On 1/10/08, Volker Simonis <volker.simonis at gmail.com> wrote:
> there seems to be a problem with the handling of ALT_OUTPUTDIR for debug and
> fastdebug builds. The top-level makefile contains the following definitions:
> include $(JDK_MAKE_SHARED_DIR)/Defs-control.gmk
> COMMON_DEBUG_FLAGS= \
> DEBUG_NAME=$(DEBUG_NAME) \
> ALT_OUTPUTDIR=$(_OUTPUTDIR)-$(DEBUG_NAME) \
> @$(ECHO) $@ build started: `$(DATE) '+%y-%m-%d %H:%M'`
> $(MAKE) $(COMMON_DEBUG_FLAGS) setup build
> @$(ECHO) $@ build finished: `$(DATE) '+%y-%m-%d %H:%M'`
> As you can see, it always sets the value of ALT_OUTPUTDIR to
> "$(_OUTPUTDIR)-$(DEBUG_NAME)" where _OUTPUTDIR is the default value of the
> output directory which is defined in "jdk/make/common/shared/Defs-control.gmk"
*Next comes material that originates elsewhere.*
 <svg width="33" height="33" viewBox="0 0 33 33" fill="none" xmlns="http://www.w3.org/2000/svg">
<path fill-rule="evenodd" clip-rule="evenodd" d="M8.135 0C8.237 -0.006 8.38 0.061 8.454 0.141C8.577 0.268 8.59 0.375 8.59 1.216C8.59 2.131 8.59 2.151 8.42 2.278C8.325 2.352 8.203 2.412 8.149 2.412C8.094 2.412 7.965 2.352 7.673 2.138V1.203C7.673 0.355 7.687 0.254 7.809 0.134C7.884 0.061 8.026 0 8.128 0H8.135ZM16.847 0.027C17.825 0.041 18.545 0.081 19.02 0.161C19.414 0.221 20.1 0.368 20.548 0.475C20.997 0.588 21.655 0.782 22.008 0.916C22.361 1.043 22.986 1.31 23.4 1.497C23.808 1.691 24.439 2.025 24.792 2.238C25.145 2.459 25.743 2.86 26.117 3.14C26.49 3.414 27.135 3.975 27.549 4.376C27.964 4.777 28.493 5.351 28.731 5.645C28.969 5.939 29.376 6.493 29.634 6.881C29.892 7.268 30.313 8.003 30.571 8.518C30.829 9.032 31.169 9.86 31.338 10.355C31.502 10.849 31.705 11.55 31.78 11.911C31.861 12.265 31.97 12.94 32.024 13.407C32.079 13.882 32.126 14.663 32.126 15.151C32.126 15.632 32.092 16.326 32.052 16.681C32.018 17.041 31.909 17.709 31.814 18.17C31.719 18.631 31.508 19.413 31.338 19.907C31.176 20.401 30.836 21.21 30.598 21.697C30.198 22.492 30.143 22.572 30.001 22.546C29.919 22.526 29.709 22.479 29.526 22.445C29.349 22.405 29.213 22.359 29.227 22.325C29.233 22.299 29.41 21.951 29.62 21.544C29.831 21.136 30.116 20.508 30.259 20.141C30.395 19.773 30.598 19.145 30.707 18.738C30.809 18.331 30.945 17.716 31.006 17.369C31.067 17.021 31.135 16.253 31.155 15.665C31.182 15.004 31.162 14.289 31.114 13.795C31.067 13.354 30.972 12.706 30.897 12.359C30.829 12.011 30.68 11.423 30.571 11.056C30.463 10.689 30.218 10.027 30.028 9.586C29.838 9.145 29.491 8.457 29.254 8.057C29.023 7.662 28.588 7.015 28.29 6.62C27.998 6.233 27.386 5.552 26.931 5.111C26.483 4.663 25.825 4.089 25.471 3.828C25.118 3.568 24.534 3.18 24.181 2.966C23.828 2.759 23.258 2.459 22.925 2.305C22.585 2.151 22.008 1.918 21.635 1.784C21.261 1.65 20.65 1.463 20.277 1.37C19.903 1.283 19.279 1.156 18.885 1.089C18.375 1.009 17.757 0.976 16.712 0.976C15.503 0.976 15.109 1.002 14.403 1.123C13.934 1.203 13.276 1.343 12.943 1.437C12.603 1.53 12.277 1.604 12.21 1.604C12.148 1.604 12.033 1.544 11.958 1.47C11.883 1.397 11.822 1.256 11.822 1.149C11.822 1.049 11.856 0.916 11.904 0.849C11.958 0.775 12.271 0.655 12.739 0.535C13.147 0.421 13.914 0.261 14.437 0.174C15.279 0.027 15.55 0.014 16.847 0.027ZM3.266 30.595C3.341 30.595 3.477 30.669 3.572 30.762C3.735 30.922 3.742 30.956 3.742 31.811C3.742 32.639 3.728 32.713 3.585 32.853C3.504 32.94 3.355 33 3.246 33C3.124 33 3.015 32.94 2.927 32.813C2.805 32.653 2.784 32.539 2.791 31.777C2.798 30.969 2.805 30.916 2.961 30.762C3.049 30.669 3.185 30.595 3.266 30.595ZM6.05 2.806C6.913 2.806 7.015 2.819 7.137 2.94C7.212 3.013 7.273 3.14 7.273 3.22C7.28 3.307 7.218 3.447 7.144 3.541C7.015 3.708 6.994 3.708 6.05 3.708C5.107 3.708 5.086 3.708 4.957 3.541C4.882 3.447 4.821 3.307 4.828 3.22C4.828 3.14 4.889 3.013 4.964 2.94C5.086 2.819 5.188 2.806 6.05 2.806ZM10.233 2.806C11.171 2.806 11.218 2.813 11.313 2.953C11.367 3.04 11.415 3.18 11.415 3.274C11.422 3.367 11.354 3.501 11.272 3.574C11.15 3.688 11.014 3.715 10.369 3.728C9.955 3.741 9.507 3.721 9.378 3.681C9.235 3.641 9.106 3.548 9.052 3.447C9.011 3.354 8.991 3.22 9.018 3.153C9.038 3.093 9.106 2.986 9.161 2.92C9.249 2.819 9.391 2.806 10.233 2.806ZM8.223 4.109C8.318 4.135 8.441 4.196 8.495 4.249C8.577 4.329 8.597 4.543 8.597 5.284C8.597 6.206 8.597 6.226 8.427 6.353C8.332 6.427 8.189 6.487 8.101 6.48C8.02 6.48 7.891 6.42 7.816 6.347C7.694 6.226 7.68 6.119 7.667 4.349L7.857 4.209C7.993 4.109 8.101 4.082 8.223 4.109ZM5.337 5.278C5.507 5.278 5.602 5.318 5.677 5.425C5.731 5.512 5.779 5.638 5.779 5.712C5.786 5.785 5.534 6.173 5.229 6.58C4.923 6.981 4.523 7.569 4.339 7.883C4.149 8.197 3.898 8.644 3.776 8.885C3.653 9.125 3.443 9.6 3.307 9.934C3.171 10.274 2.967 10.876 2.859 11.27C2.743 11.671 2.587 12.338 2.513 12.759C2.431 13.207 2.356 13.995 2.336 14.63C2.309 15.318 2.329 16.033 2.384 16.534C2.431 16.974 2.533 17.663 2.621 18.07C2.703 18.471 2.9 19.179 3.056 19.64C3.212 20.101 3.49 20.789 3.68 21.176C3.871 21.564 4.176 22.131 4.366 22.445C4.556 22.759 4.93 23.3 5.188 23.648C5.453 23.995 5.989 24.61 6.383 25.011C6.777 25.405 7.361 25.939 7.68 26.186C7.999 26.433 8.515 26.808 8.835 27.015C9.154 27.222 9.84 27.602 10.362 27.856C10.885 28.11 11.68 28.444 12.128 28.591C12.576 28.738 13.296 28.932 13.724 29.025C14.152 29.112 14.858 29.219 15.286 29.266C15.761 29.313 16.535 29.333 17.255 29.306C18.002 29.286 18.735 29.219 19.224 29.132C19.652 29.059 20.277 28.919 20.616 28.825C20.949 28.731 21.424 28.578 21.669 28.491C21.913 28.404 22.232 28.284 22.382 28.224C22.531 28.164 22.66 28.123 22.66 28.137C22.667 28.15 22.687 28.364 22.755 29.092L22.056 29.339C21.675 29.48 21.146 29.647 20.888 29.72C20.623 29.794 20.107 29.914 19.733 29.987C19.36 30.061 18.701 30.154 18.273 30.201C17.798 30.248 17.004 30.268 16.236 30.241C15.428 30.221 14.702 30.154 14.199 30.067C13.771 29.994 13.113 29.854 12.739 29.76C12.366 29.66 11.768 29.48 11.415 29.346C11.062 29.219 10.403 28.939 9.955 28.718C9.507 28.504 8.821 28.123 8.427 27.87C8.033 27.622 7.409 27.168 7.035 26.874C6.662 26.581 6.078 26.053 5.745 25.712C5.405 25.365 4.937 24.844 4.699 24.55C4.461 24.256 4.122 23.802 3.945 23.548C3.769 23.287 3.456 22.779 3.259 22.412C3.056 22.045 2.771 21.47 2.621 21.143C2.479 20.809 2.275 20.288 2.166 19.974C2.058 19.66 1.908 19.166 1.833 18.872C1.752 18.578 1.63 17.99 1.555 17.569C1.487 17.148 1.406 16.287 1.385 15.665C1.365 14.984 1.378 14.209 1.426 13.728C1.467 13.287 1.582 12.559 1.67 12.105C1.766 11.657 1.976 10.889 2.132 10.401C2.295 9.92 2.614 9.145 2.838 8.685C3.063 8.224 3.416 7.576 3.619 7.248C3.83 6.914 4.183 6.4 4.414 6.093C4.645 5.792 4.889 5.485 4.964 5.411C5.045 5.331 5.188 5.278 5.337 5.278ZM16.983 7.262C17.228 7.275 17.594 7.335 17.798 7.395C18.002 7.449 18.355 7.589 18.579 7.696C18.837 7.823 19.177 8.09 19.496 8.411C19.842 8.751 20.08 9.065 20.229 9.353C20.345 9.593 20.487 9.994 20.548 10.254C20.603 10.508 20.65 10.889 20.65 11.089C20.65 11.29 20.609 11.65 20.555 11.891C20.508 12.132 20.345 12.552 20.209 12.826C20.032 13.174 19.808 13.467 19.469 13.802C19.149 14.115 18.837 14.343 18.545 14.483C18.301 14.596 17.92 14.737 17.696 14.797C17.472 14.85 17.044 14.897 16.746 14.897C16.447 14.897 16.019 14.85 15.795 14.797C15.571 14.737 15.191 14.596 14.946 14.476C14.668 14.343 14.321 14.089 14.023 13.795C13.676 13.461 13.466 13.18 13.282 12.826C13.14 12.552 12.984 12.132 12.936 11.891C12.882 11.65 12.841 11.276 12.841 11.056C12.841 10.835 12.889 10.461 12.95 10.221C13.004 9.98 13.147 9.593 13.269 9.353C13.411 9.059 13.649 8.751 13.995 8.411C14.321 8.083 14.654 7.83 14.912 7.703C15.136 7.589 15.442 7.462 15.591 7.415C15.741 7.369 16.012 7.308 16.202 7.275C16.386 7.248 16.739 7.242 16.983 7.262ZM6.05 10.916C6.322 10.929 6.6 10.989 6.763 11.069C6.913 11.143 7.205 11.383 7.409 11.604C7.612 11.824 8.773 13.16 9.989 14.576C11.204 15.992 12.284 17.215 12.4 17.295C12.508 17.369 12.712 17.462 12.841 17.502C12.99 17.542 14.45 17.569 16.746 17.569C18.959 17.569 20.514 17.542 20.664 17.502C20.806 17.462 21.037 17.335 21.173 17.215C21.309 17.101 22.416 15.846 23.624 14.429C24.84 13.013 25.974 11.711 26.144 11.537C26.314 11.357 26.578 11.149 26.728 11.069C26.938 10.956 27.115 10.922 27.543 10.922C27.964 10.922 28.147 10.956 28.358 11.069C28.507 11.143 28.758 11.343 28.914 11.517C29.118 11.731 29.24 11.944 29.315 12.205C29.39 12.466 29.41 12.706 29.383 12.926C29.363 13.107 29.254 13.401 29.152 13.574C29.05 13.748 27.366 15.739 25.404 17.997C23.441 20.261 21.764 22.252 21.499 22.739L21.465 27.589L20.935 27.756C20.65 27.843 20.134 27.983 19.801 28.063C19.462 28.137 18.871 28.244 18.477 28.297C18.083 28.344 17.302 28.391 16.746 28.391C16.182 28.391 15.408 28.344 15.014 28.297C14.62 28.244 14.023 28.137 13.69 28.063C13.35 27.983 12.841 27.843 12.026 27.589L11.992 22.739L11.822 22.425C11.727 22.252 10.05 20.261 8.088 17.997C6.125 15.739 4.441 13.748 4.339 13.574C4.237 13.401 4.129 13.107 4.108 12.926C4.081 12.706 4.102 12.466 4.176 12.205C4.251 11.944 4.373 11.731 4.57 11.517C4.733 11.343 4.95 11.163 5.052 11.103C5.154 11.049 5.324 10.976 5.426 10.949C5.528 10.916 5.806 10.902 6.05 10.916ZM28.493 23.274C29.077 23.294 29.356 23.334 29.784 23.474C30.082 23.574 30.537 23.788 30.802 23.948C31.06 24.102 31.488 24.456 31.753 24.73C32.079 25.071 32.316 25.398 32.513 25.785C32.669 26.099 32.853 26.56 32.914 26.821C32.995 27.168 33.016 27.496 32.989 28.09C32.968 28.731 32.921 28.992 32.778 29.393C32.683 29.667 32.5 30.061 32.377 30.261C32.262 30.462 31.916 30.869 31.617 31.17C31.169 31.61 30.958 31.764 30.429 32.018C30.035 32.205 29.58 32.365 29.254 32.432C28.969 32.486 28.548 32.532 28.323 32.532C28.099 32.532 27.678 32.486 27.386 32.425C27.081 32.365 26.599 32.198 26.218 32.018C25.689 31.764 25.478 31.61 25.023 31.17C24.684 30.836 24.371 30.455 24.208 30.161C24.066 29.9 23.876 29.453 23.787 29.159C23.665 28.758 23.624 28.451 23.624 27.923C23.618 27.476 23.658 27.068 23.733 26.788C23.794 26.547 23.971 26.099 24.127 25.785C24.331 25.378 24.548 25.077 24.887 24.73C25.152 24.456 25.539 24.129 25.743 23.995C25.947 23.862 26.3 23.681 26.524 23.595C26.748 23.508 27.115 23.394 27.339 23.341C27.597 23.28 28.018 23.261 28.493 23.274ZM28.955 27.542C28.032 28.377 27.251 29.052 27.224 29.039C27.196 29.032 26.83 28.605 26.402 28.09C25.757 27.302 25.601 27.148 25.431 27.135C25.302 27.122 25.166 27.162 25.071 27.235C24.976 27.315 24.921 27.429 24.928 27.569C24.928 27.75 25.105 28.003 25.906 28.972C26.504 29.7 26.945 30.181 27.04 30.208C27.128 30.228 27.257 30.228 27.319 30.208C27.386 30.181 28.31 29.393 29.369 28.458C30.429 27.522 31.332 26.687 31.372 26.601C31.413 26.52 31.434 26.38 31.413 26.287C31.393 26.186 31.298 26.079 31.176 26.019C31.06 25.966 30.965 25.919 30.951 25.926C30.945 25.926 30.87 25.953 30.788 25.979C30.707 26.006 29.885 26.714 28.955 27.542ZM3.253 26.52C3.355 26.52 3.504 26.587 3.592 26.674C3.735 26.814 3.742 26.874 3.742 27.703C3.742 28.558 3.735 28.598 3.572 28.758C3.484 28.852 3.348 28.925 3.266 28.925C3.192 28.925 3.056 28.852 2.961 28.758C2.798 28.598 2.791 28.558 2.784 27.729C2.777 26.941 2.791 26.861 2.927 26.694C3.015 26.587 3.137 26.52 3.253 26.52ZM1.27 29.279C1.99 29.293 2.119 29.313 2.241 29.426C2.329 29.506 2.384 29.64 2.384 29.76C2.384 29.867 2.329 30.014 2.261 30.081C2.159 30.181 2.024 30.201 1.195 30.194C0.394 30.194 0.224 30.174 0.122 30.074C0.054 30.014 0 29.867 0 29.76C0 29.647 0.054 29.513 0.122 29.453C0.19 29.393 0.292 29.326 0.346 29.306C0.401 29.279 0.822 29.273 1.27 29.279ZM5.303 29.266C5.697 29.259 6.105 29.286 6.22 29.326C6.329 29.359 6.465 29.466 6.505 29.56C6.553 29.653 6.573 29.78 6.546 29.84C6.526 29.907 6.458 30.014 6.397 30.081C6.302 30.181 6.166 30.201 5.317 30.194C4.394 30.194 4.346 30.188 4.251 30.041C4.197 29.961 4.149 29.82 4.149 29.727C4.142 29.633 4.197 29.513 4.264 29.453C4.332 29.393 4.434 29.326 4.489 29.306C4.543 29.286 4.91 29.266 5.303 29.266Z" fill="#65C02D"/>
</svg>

> as follows (i.e. "linux-i586" on x86/Linux):
> # Default output directory
> Shouldn't COMMON_DEBUG_FLAGS use $(OUTPUTDIR) instead of $(_OUTPUTDIR) or
> am I missing something.
> It is also quite confusing that the build always creates
> $(OUTPUTDIR)-fastdebug subdirectories, no matter if we do a fastdebug build or
> not. I think that only the directories should be created which are used later
> on for the build. If I do for example "make debug_build" without specifying
> "ALT_OUTPUT_DIR", make will create four output directories as follows:
> in the build directory, while the output only goes to "linux-i586-debug".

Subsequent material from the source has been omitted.